How to switch from other heart failure medications to Entresto?

This comprehensive guide will walk you through the process of transitioning from various heart failure medications to Entresto, a medication that has shown to improve outcomes in patients with heart failure with reduced ejection fraction. We will cover the reasons for switching, how to manage the transition safely, potential side effects, and monitoring during the process.

Understanding Heart Failure and Current Medications

Heart failure is a chronic condition where the heart is unable to pump adequately to meet the body's needs. It can lead to a variety of symptoms and impact the quality of life. Current medications for heart failure include ACE inhibitors, ARBs, beta-blockers, diuretics, and others that aim to manage symptoms and prevent hospitalizations. Entresto is a combination of sacubitril and valsartan. It has been shown to reduce the risk of cardiovascular death and hospitalization in heart failure patients compared to traditional therapies.

Reasons to Switch to Entresto

One primary reason to switch to Entresto is the growing evidence that it improves outcomes more effectively compared to traditional medications. Patients who remain symptomatic or have frequent hospitalizations may benefit significantly by switching to Entresto. Moreover, when patients experience side effects from ACE inhibitors or ARBs, Entresto may be a suitable alternative.

Pre-Switch Assessment

Before switching medications, conduct a thorough assessment of the patient's current health status, including blood pressure, renal function, and electrolyte levels. Review all current medications to assess potential drug interactions, especially with other medications the patient may be taking. Discuss with the patient the benefits and possible side effects of Entresto to ensure they are informed and consent to the switch.
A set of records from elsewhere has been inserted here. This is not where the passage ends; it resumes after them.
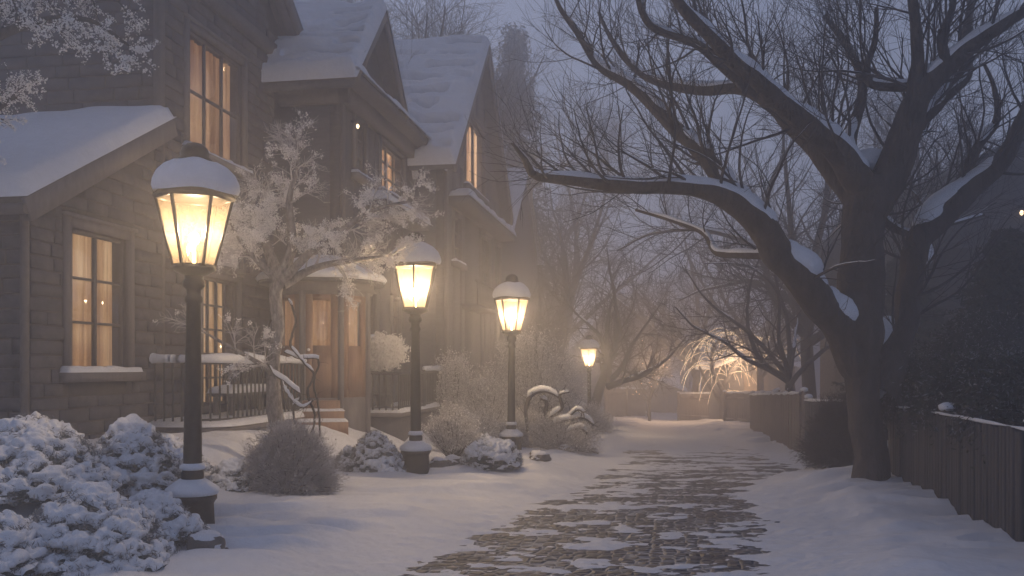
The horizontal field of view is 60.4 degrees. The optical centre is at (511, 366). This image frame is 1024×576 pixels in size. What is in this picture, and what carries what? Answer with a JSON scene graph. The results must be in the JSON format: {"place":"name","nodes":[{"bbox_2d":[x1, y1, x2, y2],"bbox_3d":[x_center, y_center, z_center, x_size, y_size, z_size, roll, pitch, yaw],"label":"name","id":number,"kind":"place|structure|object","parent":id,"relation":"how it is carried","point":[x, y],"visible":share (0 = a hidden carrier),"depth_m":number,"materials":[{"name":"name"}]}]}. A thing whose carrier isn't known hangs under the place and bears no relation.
{"place":"outdoors","nodes":[
{"label":"outdoors","id":0,"kind":"place"},
{"bbox_2d":[0,380,1023,575],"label":"snow ground","id":1,"kind":"structure","parent":0,"point":[836,521],"depth_m":7.94,"materials":[{"name":"white snow"}]},
{"bbox_2d":[0,509,53,575],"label":"snowy shrub","id":2,"kind":"object","parent":1,"relation":"on","point":[23,551],"visible":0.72,"depth_m":5.44,"materials":[{"name":"white snow"}]},
{"bbox_2d":[0,411,132,505],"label":"snowy shrub","id":3,"kind":"object","parent":1,"relation":"on","point":[43,458],"visible":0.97,"depth_m":6.59,"materials":[{"name":"white snow"}]},
{"bbox_2d":[0,0,160,164],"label":"frosted tree","id":4,"kind":"object","parent":1,"relation":"on","point":[24,23],"visible":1,"depth_m":8.38,"materials":[{"name":"white plant"}]},
{"bbox_2d":[37,489,124,504],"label":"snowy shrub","id":5,"kind":"object","parent":1,"relation":"on","point":[41,503],"visible":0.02,"depth_m":6.65,"materials":[{"name":"white snow"}]},
{"bbox_2d":[25,481,179,575],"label":"snowy shrub","id":6,"kind":"object","parent":1,"relation":"on","point":[89,528],"visible":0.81,"depth_m":5.71,"materials":[{"name":"white snow"}]},
{"bbox_2d":[94,413,182,498],"bbox_3d":[-3.223,0.801,7.515,1.281,0.796,1.268,0,0,0],"label":"snowy shrub","id":7,"kind":"object","parent":1,"relation":"on","point":[143,453],"visible":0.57,"depth_m":7.28,"materials":[{"name":"white snow"}]},
{"bbox_2d":[0,0,306,438],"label":"stone house","id":8,"kind":"structure","parent":1,"relation":"on","point":[91,285],"depth_m":11.56,"materials":[{"name":"brown stone"}]},
{"bbox_2d":[57,211,145,382],"bbox_3d":[-5.000,-0.780,10.547,0.412,1.920,1.470,0,0,10],"label":"window","id":9,"kind":"structure","parent":8,"relation":"in","point":[87,283],"depth_m":10.63,"materials":[{"name":"brown glass"}]},
{"bbox_2d":[182,13,255,180],"bbox_3d":[-4.593,-4.040,13.522,0.412,2.000,2.050,0,0,10],"label":"window","id":10,"kind":"structure","parent":8,"relation":"in","point":[207,113],"depth_m":13.70,"materials":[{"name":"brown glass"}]},
{"bbox_2d":[201,269,244,407],"bbox_3d":[-4.615,-0.395,13.621,0.337,2.170,1.360,0,0,10],"label":"window","id":11,"kind":"structure","parent":8,"relation":"in","point":[213,293],"depth_m":13.80,"materials":[{"name":"clear glass"}]},
{"bbox_2d":[207,384,280,415],"bbox_3d":[-3.997,0.506,13.263,0.410,0.488,1.700,0,0,10],"label":"porch bench","id":12,"kind":"object","parent":8,"relation":"on","point":[215,392],"visible":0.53,"depth_m":12.57,"materials":[{"name":"wood"}]},
{"bbox_2d":[128,487,210,547],"bbox_3d":[-2.686,1.127,6.587,0.837,0.419,0.827,0,0,0],"label":"snowy shrub","id":13,"kind":"object","parent":1,"relation":"on","point":[180,522],"visible":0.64,"depth_m":6.47,"materials":[{"name":"white snow"}]},
{"bbox_2d":[165,433,213,472],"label":"snowy shrub","id":14,"kind":"object","parent":1,"relation":"on","point":[177,441],"visible":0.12,"depth_m":8.58,"materials":[{"name":"white snow"}]},
{"bbox_2d":[151,142,239,523],"bbox_3d":[-2.536,-0.170,7.030,0.670,3.240,0.648,0,0,0],"label":"street lamp","id":15,"kind":"object","parent":1,"relation":"on","point":[192,174],"visible":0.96,"depth_m":6.96,"materials":[{"name":"black metal"}]},
{"bbox_2d":[186,530,228,549],"bbox_3d":[-2.192,1.290,6.345,0.320,0.199,0.243,0,0,0],"label":"stone","id":16,"kind":"object","parent":1,"relation":"on","point":[207,539],"visible":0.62,"depth_m":6.27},
{"bbox_2d":[205,457,257,492],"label":"snowy shrub","id":17,"kind":"object","parent":1,"relation":"on","point":[228,475],"visible":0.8,"depth_m":8.75,"materials":[{"name":"white snow"}]},
{"bbox_2d":[239,411,348,496],"bbox_3d":[-2.285,1.016,9.124,1.224,1.110,1.312,0,0,0],"label":"twiggy shrub","id":18,"kind":"object","parent":1,"relation":"on","point":[287,457],"visible":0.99,"depth_m":8.86,"materials":[{"name":"plant"}]},
{"bbox_2d":[153,106,444,428],"bbox_3d":[-2.319,-0.970,10.235,3.122,3.903,1.826,0,0,0],"label":"frosted tree","id":19,"kind":"object","parent":1,"relation":"on","point":[284,273],"visible":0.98,"depth_m":10.01,"materials":[{"name":"white plant"}]},
{"bbox_2d":[263,298,324,435],"bbox_3d":[-2.460,0.020,9.963,0.765,1.619,0.446,0,0,0],"label":"climbing vine","id":20,"kind":"object","parent":19,"relation":"attached to","point":[294,352],"visible":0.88,"depth_m":9.94,"materials":[{"name":"brown plant"}]},
{"bbox_2d":[331,444,354,469],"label":"snowy shrub","id":21,"kind":"object","parent":1,"relation":"on","point":[346,451],"visible":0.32,"depth_m":11.31,"materials":[{"name":"white snow"}]},
{"bbox_2d":[255,0,452,441],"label":"gabled house","id":22,"kind":"structure","parent":1,"relation":"on","point":[334,65],"depth_m":15.38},
{"bbox_2d":[306,294,337,397],"bbox_3d":[-3.100,-0.330,14.313,0.510,1.680,0.190,0,0,-19],"label":"door","id":23,"kind":"structure","parent":22,"relation":"in","point":[321,309],"depth_m":14.29,"materials":[{"name":"brown wood"}]},
{"bbox_2d":[351,113,374,187],"bbox_3d":[-2.781,-4.015,16.191,0.240,1.290,0.907,0,0,10],"label":"window","id":24,"kind":"structure","parent":22,"relation":"in","point":[357,175],"depth_m":16.27,"materials":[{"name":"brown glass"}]},
{"bbox_2d":[370,289,379,338],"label":"window","id":25,"kind":"structure","parent":22,"relation":"in","point":[376,291],"depth_m":17.07,"materials":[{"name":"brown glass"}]},
{"bbox_2d":[370,330,410,405],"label":"topiary","id":26,"kind":"object","parent":22,"relation":"on","point":[389,355],"visible":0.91,"depth_m":15.74,"materials":[{"name":"plant"}]},
{"bbox_2d":[377,134,410,204],"bbox_3d":[-2.529,-3.980,18.170,0.412,1.220,1.898,0,0,10],"label":"window","id":27,"kind":"structure","parent":22,"relation":"in","point":[383,155],"depth_m":18.34,"materials":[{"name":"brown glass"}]},
{"bbox_2d":[390,293,407,355],"bbox_3d":[-2.408,-0.860,18.370,0.240,1.280,0.838,0,0,10],"label":"window","id":28,"kind":"structure","parent":22,"relation":"in","point":[393,296],"depth_m":18.48,"materials":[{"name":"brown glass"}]},
{"bbox_2d":[340,428,406,472],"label":"snowy shrub","id":29,"kind":"object","parent":1,"relation":"on","point":[375,451],"visible":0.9,"depth_m":10.79,"materials":[{"name":"white snow"}]},
{"bbox_2d":[390,231,440,473],"bbox_3d":[-1.212,-0.112,11.137,0.660,3.191,0.638,0,1,-17],"label":"street lamp","id":30,"kind":"object","parent":1,"relation":"on","point":[415,449],"visible":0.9,"depth_m":11.05,"materials":[{"name":"black metal"}]},
{"bbox_2d":[341,0,520,144],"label":"bare tree","id":31,"kind":"object","parent":1,"relation":"on","point":[433,28],"visible":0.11,"depth_m":26.01,"materials":[{"name":"brown plant"}]},
{"bbox_2d":[347,0,521,158],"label":"bare tree","id":32,"kind":"object","parent":1,"relation":"on","point":[350,1],"visible":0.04,"depth_m":24.63,"materials":[{"name":"brown plant"}]},
{"bbox_2d":[430,456,448,467],"bbox_3d":[-0.971,1.276,11.500,0.295,0.197,0.240,0,0,0],"label":"stone","id":33,"kind":"object","parent":1,"relation":"on","point":[438,462],"visible":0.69,"depth_m":11.41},
{"bbox_2d":[421,397,484,455],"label":"twiggy shrub","id":34,"kind":"object","parent":1,"relation":"on","point":[454,434],"visible":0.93,"depth_m":12.45,"materials":[{"name":"plant"}]},
{"bbox_2d":[445,454,460,465],"bbox_3d":[-0.791,1.271,11.792,0.280,0.184,0.227,0,0,0],"label":"stone","id":35,"kind":"object","parent":1,"relation":"on","point":[452,459],"visible":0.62,"depth_m":11.72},
{"bbox_2d":[394,35,516,397],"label":"tall gable house","id":36,"kind":"structure","parent":1,"relation":"on","point":[446,80],"depth_m":21.54,"materials":[{"name":"brown"}]},
{"bbox_2d":[451,207,467,270],"bbox_3d":[-1.283,-3.000,20.796,0.240,1.360,1.077,0,0,10],"label":"window","id":37,"kind":"structure","parent":36,"relation":"in","point":[459,264],"depth_m":20.92,"materials":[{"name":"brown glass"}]},
{"bbox_2d":[463,113,490,206],"bbox_3d":[-1.020,-5.405,22.854,0.412,2.070,2.726,0,0,10],"label":"window","id":38,"kind":"structure","parent":36,"relation":"in","point":[470,145],"depth_m":23.21,"materials":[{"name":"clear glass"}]},
{"bbox_2d":[479,228,492,285],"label":"window","id":39,"kind":"structure","parent":36,"relation":"in","point":[482,232],"depth_m":24.17,"materials":[{"name":"brown glass"}]},
{"bbox_2d":[494,239,502,286],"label":"window","id":40,"kind":"structure","parent":36,"relation":"in","point":[499,250],"depth_m":26.34,"materials":[{"name":"brown glass"}]},
{"bbox_2d":[431,345,482,421],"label":"twiggy shrub","id":41,"kind":"object","parent":1,"relation":"on","point":[448,384],"visible":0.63,"depth_m":18.19,"materials":[{"name":"plant"}]},
{"bbox_2d":[440,406,501,452],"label":"twiggy shrub","id":42,"kind":"object","parent":1,"relation":"on","point":[490,429],"visible":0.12,"depth_m":14.92,"materials":[{"name":"plant"}]},
{"bbox_2d":[460,431,492,456],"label":"snowy shrub","id":43,"kind":"object","parent":1,"relation":"on","point":[486,436],"visible":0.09,"depth_m":12.91,"materials":[{"name":"white snow"}]},
{"bbox_2d":[451,372,523,430],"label":"twiggy shrub","id":44,"kind":"object","parent":1,"relation":"on","point":[490,400],"visible":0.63,"depth_m":17.91,"materials":[{"name":"plant"}]},
{"bbox_2d":[458,437,524,471],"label":"snowy shrub","id":45,"kind":"object","parent":1,"relation":"on","point":[490,453],"visible":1,"depth_m":11.32,"materials":[{"name":"white snow"}]},
{"bbox_2d":[352,0,654,250],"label":"bare tree","id":46,"kind":"object","parent":1,"relation":"on","point":[515,102],"visible":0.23,"depth_m":32.99,"materials":[{"name":"brown plant"}]},
{"bbox_2d":[492,274,530,449],"bbox_3d":[-0.001,0.017,14.925,0.657,3.175,0.635,1,-1,-40],"label":"street lamp","id":47,"kind":"object","parent":1,"relation":"on","point":[511,288],"visible":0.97,"depth_m":14.84,"materials":[{"name":"black metal"}]},
{"bbox_2d":[490,408,535,447],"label":"twiggy shrub","id":48,"kind":"object","parent":1,"relation":"on","point":[520,425],"visible":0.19,"depth_m":15.83,"materials":[{"name":"plant"}]},
{"bbox_2d":[496,167,541,370],"bbox_3d":[-2.071,-2.155,31.195,5.400,9.611,7.000,0,0,10],"label":"annex","id":49,"kind":"object","parent":1,"relation":"on","point":[521,257],"visible":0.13,"depth_m":30.30,"materials":[{"name":"brown"}]},
{"bbox_2d":[501,405,542,429],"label":"twiggy shrub","id":50,"kind":"object","parent":1,"relation":"on","point":[530,417],"visible":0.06,"depth_m":16.71,"materials":[{"name":"brown plant"}]},
{"bbox_2d":[469,323,593,423],"bbox_3d":[0.442,0.340,18.928,2.772,2.566,2.860,0,0,0],"label":"twiggy shrub","id":51,"kind":"object","parent":1,"relation":"on","point":[532,369],"visible":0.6,"depth_m":18.66,"materials":[{"name":"plant"}]},
{"bbox_2d":[530,456,539,460],"bbox_3d":[0.331,1.331,12.603,0.165,0.088,0.115,0,0,0],"label":"stone","id":52,"kind":"object","parent":1,"relation":"on","point":[535,458],"visible":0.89,"depth_m":12.56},
{"bbox_2d":[495,22,583,373],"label":"evergreen tree","id":53,"kind":"object","parent":1,"relation":"on","point":[515,35],"visible":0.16,"depth_m":42.61,"materials":[{"name":"green plant"}]},
{"bbox_2d":[529,450,551,461],"bbox_3d":[0.414,1.375,13.390,0.347,0.207,0.258,0,0,-37],"label":"stone","id":54,"kind":"object","parent":1,"relation":"on","point":[543,456],"visible":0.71,"depth_m":13.31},
{"bbox_2d":[516,384,596,437],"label":"curling shrub","id":55,"kind":"object","parent":1,"relation":"on","point":[572,412],"visible":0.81,"depth_m":15.68,"materials":[{"name":"white plant"}]},
{"bbox_2d":[520,407,605,456],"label":"twiggy shrub","id":56,"kind":"object","parent":1,"relation":"on","point":[548,436],"visible":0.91,"depth_m":15.29,"materials":[{"name":"brown plant"}]},
{"bbox_2d":[559,444,572,451],"bbox_3d":[0.912,1.421,15.102,0.235,0.181,0.246,0,0,-30],"label":"stone","id":57,"kind":"object","parent":1,"relation":"on","point":[563,446],"visible":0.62,"depth_m":15.04,"materials":[{"name":"grey stone"}]},
{"bbox_2d":[501,87,654,381],"bbox_3d":[-0.499,-4.312,33.392,11.115,13.051,12.544,0,0,34],"label":"bare tree","id":58,"kind":"object","parent":1,"relation":"on","point":[540,319],"visible":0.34,"depth_m":33.90,"materials":[{"name":"brown plant"}]},
{"bbox_2d":[578,335,599,407],"bbox_3d":[2.113,0.529,23.985,0.576,2.786,0.557,-1,1,-6],"label":"street lamp","id":59,"kind":"object","parent":1,"relation":"on","point":[588,342],"visible":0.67,"depth_m":23.89,"materials":[{"name":"black metal"}]},
{"bbox_2d":[579,401,617,433],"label":"twiggy shrub","id":60,"kind":"object","parent":1,"relation":"on","point":[603,422],"visible":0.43,"depth_m":22.26,"materials":[{"name":"brown plant"}]},
{"bbox_2d":[502,45,725,373],"bbox_3d":[3.051,-5.787,37.207,14.223,15.992,12.278,0,0,0],"label":"bare tree","id":61,"kind":"object","parent":1,"relation":"on","point":[573,270],"visible":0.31,"depth_m":38.93,"materials":[{"name":"brown plant"}]},
{"bbox_2d":[569,291,660,404],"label":"shed","id":62,"kind":"structure","parent":1,"relation":"on","point":[577,352],"depth_m":54.00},
{"bbox_2d":[578,302,661,412],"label":"evergreen tree","id":63,"kind":"object","parent":1,"relation":"on","point":[622,385],"visible":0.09,"depth_m":49.64,"materials":[{"name":"green plant"}]},
{"bbox_2d":[534,218,710,411],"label":"bare tree","id":64,"kind":"object","parent":1,"relation":"on","point":[607,352],"visible":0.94,"depth_m":26.96,"materials":[{"name":"brown plant"}]},
{"bbox_2d":[604,386,648,416],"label":"board fence","id":65,"kind":"object","parent":1,"relation":"on","point":[618,403],"visible":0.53,"depth_m":41.82,"materials":[{"name":"brown wood"}]},
{"bbox_2d":[569,276,729,387],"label":"bare tree","id":66,"kind":"object","parent":1,"relation":"on","point":[614,363],"visible":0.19,"depth_m":46.38,"materials":[{"name":"brown plant"}]},
{"bbox_2d":[618,338,683,420],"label":"lit tree","id":67,"kind":"object","parent":1,"relation":"on","point":[654,382],"visible":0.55,"depth_m":38.03,"materials":[{"name":"brown plant"}]},
{"bbox_2d":[537,265,768,393],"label":"woods","id":68,"kind":"object","parent":1,"relation":"on","point":[687,384],"visible":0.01,"depth_m":68.06,"materials":[{"name":"brown plant"}]},
{"bbox_2d":[636,376,687,412],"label":"shed","id":69,"kind":"structure","parent":1,"relation":"on","point":[665,401],"depth_m":49.96,"materials":[{"name":"brown"}]},
{"bbox_2d":[651,394,667,412],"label":"door","id":70,"kind":"structure","parent":69,"relation":"in","point":[660,403],"depth_m":49.97,"materials":[{"name":"brown wood"}]},
{"bbox_2d":[562,194,791,391],"bbox_3d":[8.520,-2.930,39.316,13.456,10.820,8.254,0,0,0],"label":"bare tree","id":71,"kind":"object","parent":1,"relation":"on","point":[681,355],"visible":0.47,"depth_m":39.52,"materials":[{"name":"brown plant"}]},
{"bbox_2d":[677,391,709,420],"bbox_3d":[8.031,1.794,38.487,0.217,1.577,3.273,0,0,-16],"label":"board fence","id":72,"kind":"object","parent":1,"relation":"on","point":[690,406],"visible":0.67,"depth_m":38.82,"materials":[{"name":"wood"}]},
{"bbox_2d":[648,190,824,390],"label":"bare tree","id":73,"kind":"object","parent":1,"relation":"on","point":[761,374],"visible":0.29,"depth_m":32.92,"materials":[{"name":"brown plant"}]},
{"bbox_2d":[643,183,836,439],"bbox_3d":[6.221,-0.923,19.000,5.516,5.298,4.512,0,0,-37],"label":"bare tree","id":74,"kind":"object","parent":1,"relation":"on","point":[784,374],"visible":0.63,"depth_m":18.89,"materials":[{"name":"brown plant"}]},
{"bbox_2d":[680,328,800,418],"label":"lit willow","id":75,"kind":"object","parent":1,"relation":"on","point":[730,372],"visible":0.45,"depth_m":35.38,"materials":[{"name":"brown plant"}]},
{"bbox_2d":[462,0,1023,480],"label":"bare tree","id":76,"kind":"object","parent":1,"relation":"on","point":[870,342],"visible":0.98,"depth_m":10.10,"materials":[{"name":"brown plant"}]},
{"bbox_2d":[695,346,800,418],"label":"shed","id":77,"kind":"structure","parent":1,"relation":"on","point":[742,386],"depth_m":36.00,"materials":[{"name":"grey"}]},
{"bbox_2d":[744,374,768,390],"bbox_3d":[9.982,1.330,35.980,1.000,2.000,0.039,0,0,0],"label":"door","id":78,"kind":"structure","parent":77,"relation":"in","point":[752,387],"depth_m":35.96,"materials":[{"name":"brown wood"}]},
{"bbox_2d":[723,387,780,421],"bbox_3d":[8.662,1.544,31.990,0.209,1.657,4.240,0,0,-12],"label":"board fence","id":79,"kind":"object","parent":1,"relation":"on","point":[736,405],"visible":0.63,"depth_m":33.07,"materials":[{"name":"wood"}]},
{"bbox_2d":[562,9,981,398],"bbox_3d":[7.376,-3.860,23.259,10.847,11.414,8.985,0,0,24],"label":"bare tree","id":80,"kind":"object","parent":1,"relation":"on","point":[808,373],"visible":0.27,"depth_m":22.82,"materials":[{"name":"brown plant"}]},
{"bbox_2d":[732,300,819,399],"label":"shed","id":81,"kind":"structure","parent":1,"relation":"on","point":[798,384],"depth_m":60.00,"materials":[{"name":"brown wood"}]},
{"bbox_2d":[749,387,807,451],"bbox_3d":[6.125,1.226,20.841,0.241,1.698,9.591,0,0,10],"label":"board fence","id":82,"kind":"object","parent":1,"relation":"on","point":[775,414],"visible":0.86,"depth_m":18.56,"materials":[{"name":"wood"}]},
{"bbox_2d":[788,389,853,469],"bbox_3d":[4.790,1.008,12.899,1.351,1.452,1.354,0,0,0],"label":"twiggy shrub","id":83,"kind":"object","parent":1,"relation":"on","point":[831,443],"visible":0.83,"depth_m":12.71,"materials":[{"name":"brown plant"}]},
{"bbox_2d":[804,394,886,464],"bbox_3d":[5.081,1.044,13.687,0.177,1.382,4.379,0,0,6],"label":"board fence","id":84,"kind":"object","parent":1,"relation":"on","point":[810,402],"visible":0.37,"depth_m":15.30,"materials":[{"name":"wood"}]},
{"bbox_2d":[690,68,1007,303],"bbox_3d":[12.016,-4.048,27.697,11.004,11.841,8.789,0,0,43],"label":"bare tree","id":85,"kind":"object","parent":1,"relation":"on","point":[831,222],"visible":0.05,"depth_m":27.59,"materials":[{"name":"brown plant"}]},
{"bbox_2d":[690,40,1011,343],"bbox_3d":[9.332,-3.125,23.233,8.968,9.663,9.732,0,0,36],"label":"bare tree","id":86,"kind":"object","parent":1,"relation":"on","point":[883,131],"visible":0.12,"depth_m":21.77,"materials":[{"name":"brown plant"}]},
{"bbox_2d":[829,352,923,438],"bbox_3d":[5.613,0.533,13.018,1.927,1.541,1.903,0,0,0],"label":"bush","id":87,"kind":"object","parent":1,"relation":"on","point":[845,397],"depth_m":13.03,"materials":[{"name":"plant"}]},
{"bbox_2d":[880,347,957,438],"bbox_3d":[4.921,0.501,10.540,1.634,1.512,1.621,0,0,43],"label":"bush","id":88,"kind":"object","parent":1,"relation":"on","point":[918,368],"visible":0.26,"depth_m":10.35,"materials":[{"name":"plant"}]},
{"bbox_2d":[819,138,1023,399],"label":"cottage","id":89,"kind":"structure","parent":1,"relation":"on","point":[829,374],"depth_m":17.50,"materials":[{"name":"grey"}]},
{"bbox_2d":[888,402,1023,541],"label":"board fence","id":90,"kind":"object","parent":1,"relation":"on","point":[990,491],"visible":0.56,"depth_m":7.68,"materials":[{"name":"brown wood"}]},
{"bbox_2d":[890,335,1023,446],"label":"bush","id":91,"kind":"object","parent":1,"relation":"on","point":[937,388],"visible":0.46,"depth_m":8.87,"materials":[{"name":"plant"}]},
{"bbox_2d":[912,299,1023,369],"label":"bush","id":92,"kind":"object","parent":1,"relation":"on","point":[979,333],"visible":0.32,"depth_m":11.28,"materials":[{"name":"plant"}]},
{"bbox_2d":[929,225,1023,344],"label":"evergreen tree","id":93,"kind":"object","parent":1,"relation":"on","point":[1000,277],"visible":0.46,"depth_m":12.35,"materials":[{"name":"green plant"}]},
{"bbox_2d":[929,344,1023,471],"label":"bush","id":94,"kind":"object","parent":1,"relation":"on","point":[1003,403],"visible":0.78,"depth_m":7.55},
{"bbox_2d":[398,445,800,575],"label":"cobbled road","id":95,"kind":"structure","parent":0,"point":[653,554],"depth_m":7.73,"materials":[{"name":"grey stone"}]},
{"bbox_2d":[340,0,1023,381],"label":"sky","id":96,"kind":"structure","parent":0,"point":[508,11],"materials":[{"name":"grey"}]}
]}

Step-by-Step Guide to Switching to Entresto

Step 1: Gradual Reduction - Taper off the current heart failure medications. This process may vary depending on the medications being used. Step 2: Washout Period - If transitioning from an ACE inhibitor, a 36-hour washout period should be observed before starting Entresto to reduce the risk of angioedema. Step 3: Initiating Entresto - Start patients on Entresto at the recommended initiating dose based on their prior medication and renal function. Step 4: Patient Education - Educate the patient on how to take Entresto properly, such as the importance of adhering to prescribed dosing and recognizing possible side effects.

Monitoring After Transition

Regularly monitor the patient's blood pressure, renal function, and electrolytes after switching to Entresto. This should occur within the first few weeks of starting therapy. Evaluate the patient's response to the medication, noting any symptomatic improvements or adverse reactions. Schedule follow-up appointments to adjust dosages if needed, based on how well the patient is tolerating Entresto.

Potential Side Effects and Management

Common side effects of Entresto include hypotension, hyperkalemia, and renal impairment. It is crucial to be aware of these and manage them appropriately. Educate patients on the signs of hypotension, such as dizziness or fainting, and advise them to seek help if they experience these symptoms. For patients experiencing hyperkalemia, consider dietary sodium and potassium restrictions and adjust dosage accordingly.

Long-Term Considerations

Long-term management of heart failure with Entresto includes periodic reassessment of heart function, overall health, and lifestyle modifications. Encourage adherence to recommended lifestyle changes, including dietary adjustments, exercise, and regular medical appointments. Consider cardiac rehabilitation referral for additional support in managing heart failure.